◆ Try it: Would you repeat the listing exactly but omit every picture?

◆ Data section:
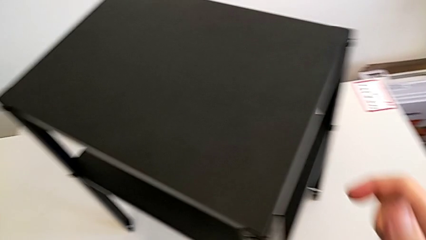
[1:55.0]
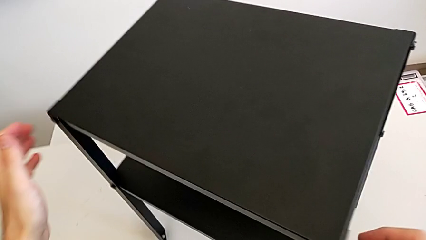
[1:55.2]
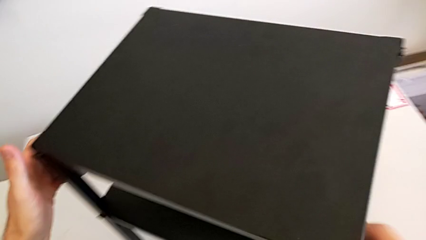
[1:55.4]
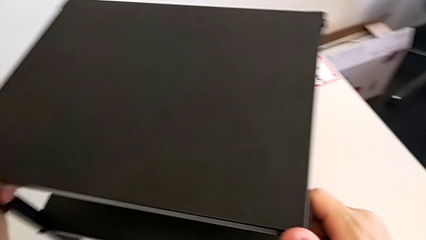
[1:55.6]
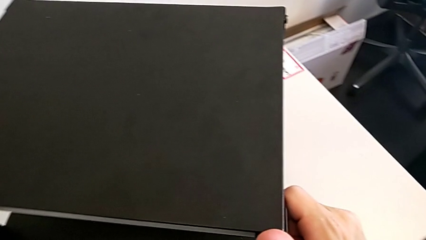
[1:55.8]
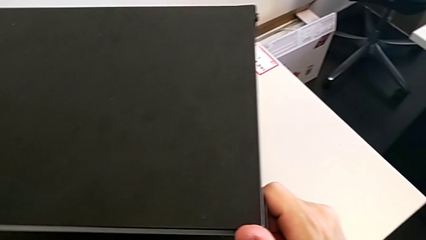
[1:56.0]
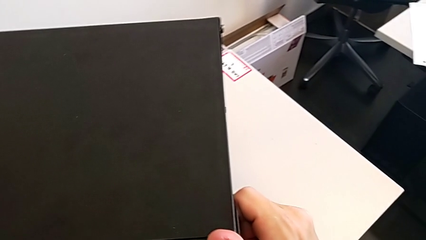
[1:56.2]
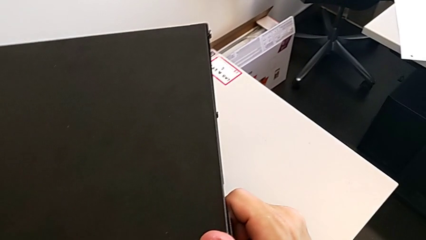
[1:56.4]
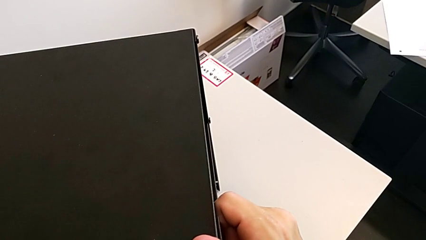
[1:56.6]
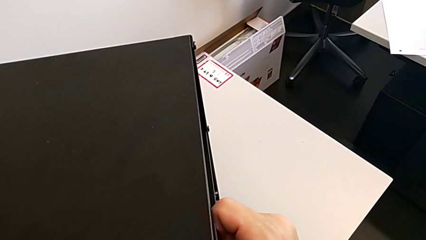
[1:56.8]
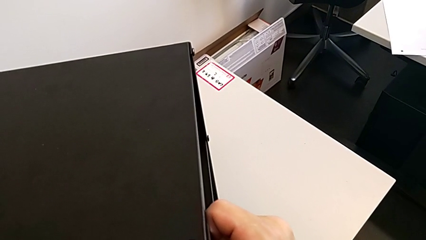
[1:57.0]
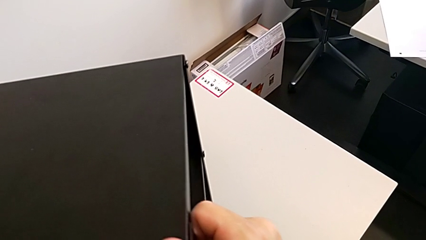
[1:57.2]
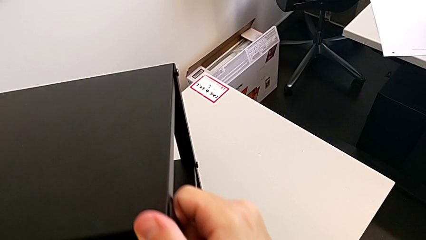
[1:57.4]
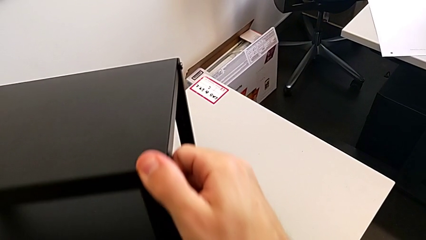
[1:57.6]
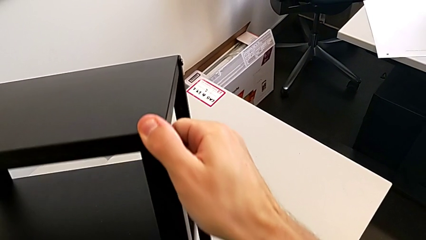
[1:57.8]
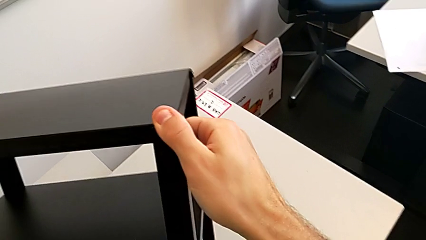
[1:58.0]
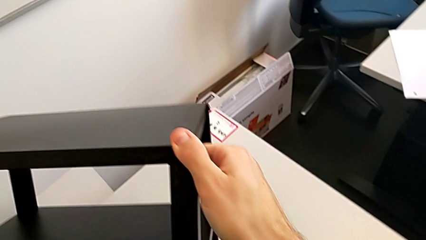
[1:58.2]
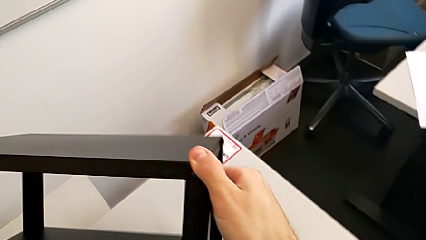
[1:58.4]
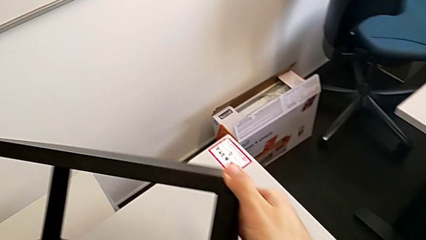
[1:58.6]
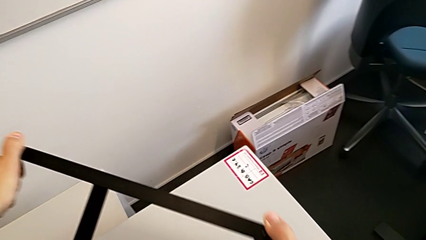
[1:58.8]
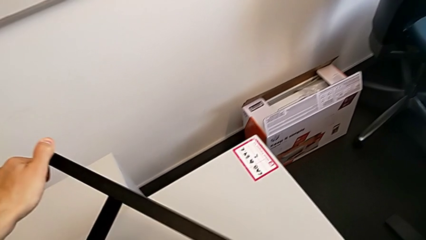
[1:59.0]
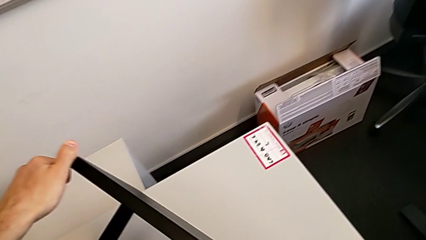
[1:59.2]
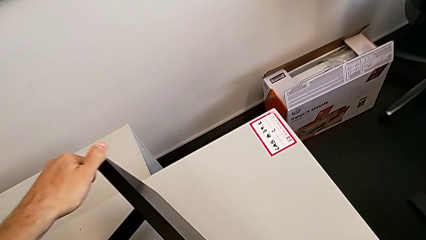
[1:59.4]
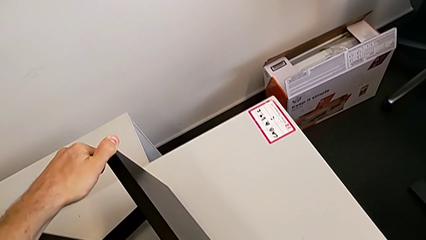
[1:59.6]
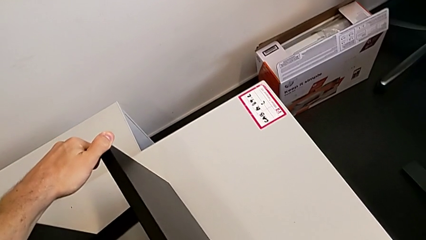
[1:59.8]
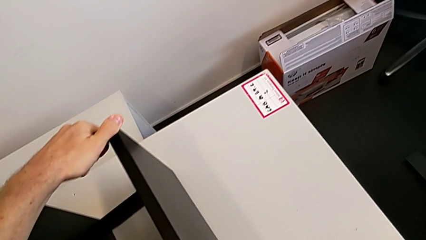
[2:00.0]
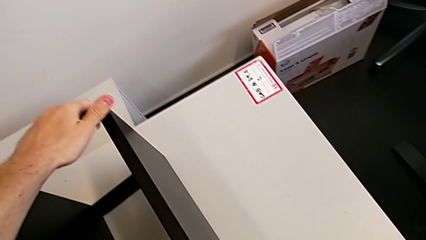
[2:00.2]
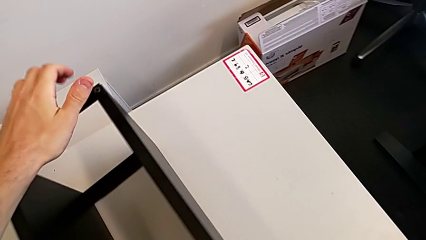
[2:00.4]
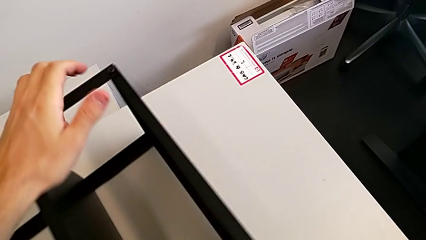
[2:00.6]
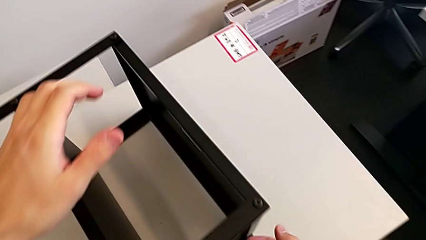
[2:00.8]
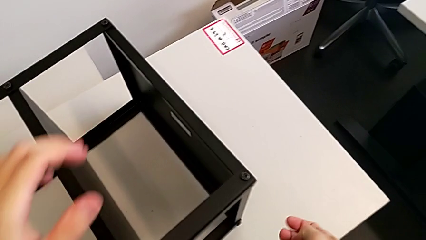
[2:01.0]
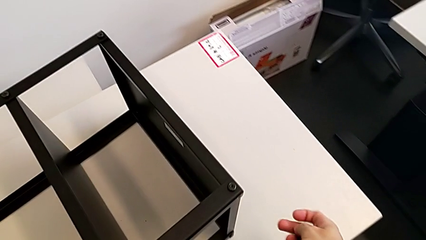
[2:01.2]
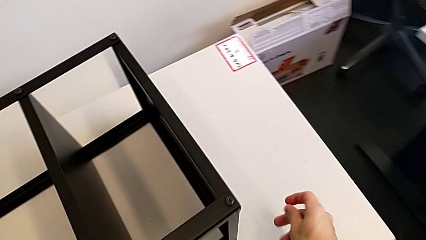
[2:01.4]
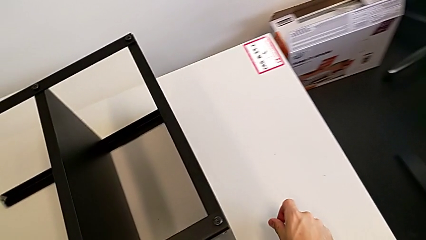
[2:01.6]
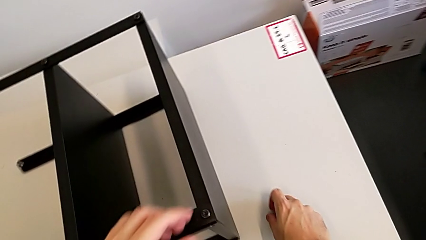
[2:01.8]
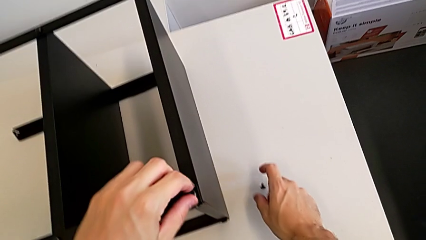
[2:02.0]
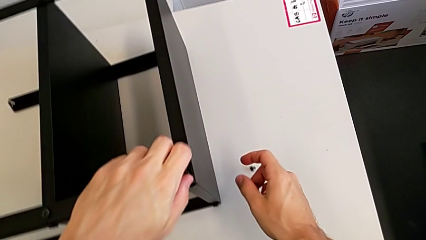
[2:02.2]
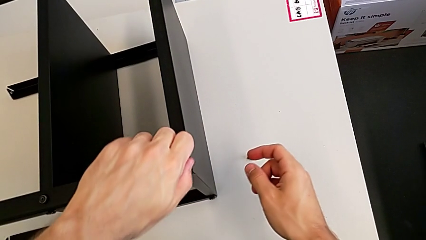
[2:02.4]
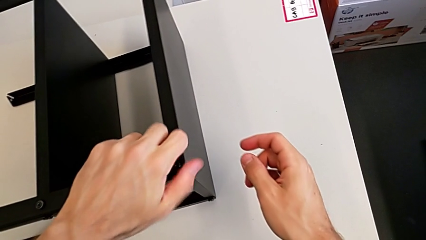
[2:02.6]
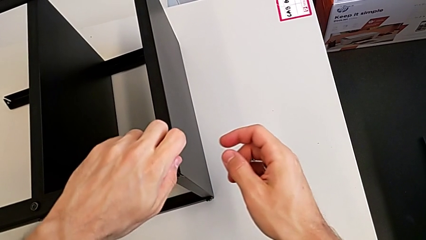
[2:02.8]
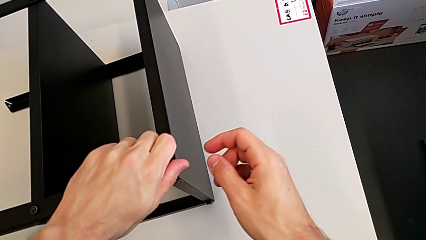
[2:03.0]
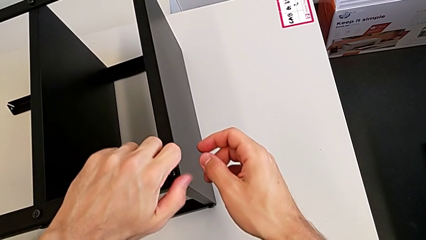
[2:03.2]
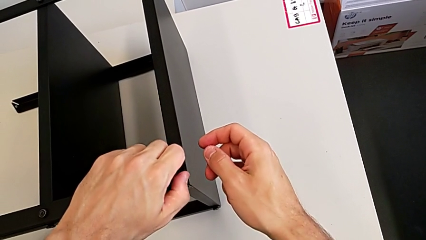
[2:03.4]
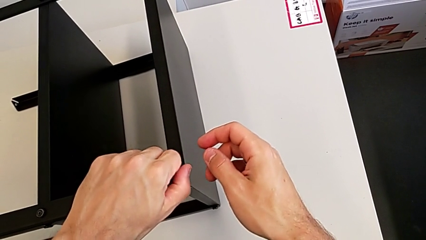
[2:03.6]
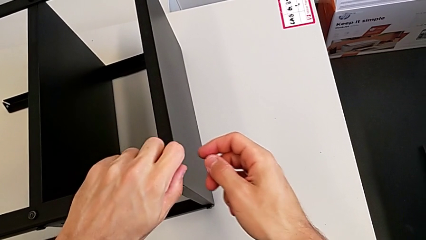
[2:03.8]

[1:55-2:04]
The camera wearer is withdrawing the top screws. They rotate the nightstand, place the hex socket head with the right hand and unscrew it with the left hand.

◆ Answer below:
[1:55.0]
[1:55.2]
[1:55.4]
[1:55.6]
[1:55.8]
[1:56.0]
[1:56.2]
[1:56.4]
[1:56.6]
[1:56.8]
[1:57.0]
[1:57.2]
[1:57.4]
[1:57.6]
[1:57.8]
[1:58.0]
[1:58.2]
[1:58.4]
[1:58.6]
[1:58.8]
[1:59.0]
[1:59.2]
[1:59.4]
[1:59.6]
[1:59.8]
[2:00.0]
[2:00.2]
[2:00.4]
[2:00.6]
[2:00.8]
[2:01.0]
[2:01.2]
[2:01.4]
[2:01.6]
[2:01.8]
[2:02.0]
[2:02.2]
[2:02.4]
[2:02.6]
[2:02.8]
[2:03.0]
[2:03.2]
[2:03.4]
[2:03.6]
[2:03.8]

[1:55-2:04]
The camera wearer is withdrawing the top screws. They rotate the nightstand, place the hex socket head with the right hand and unscrew it with the left hand.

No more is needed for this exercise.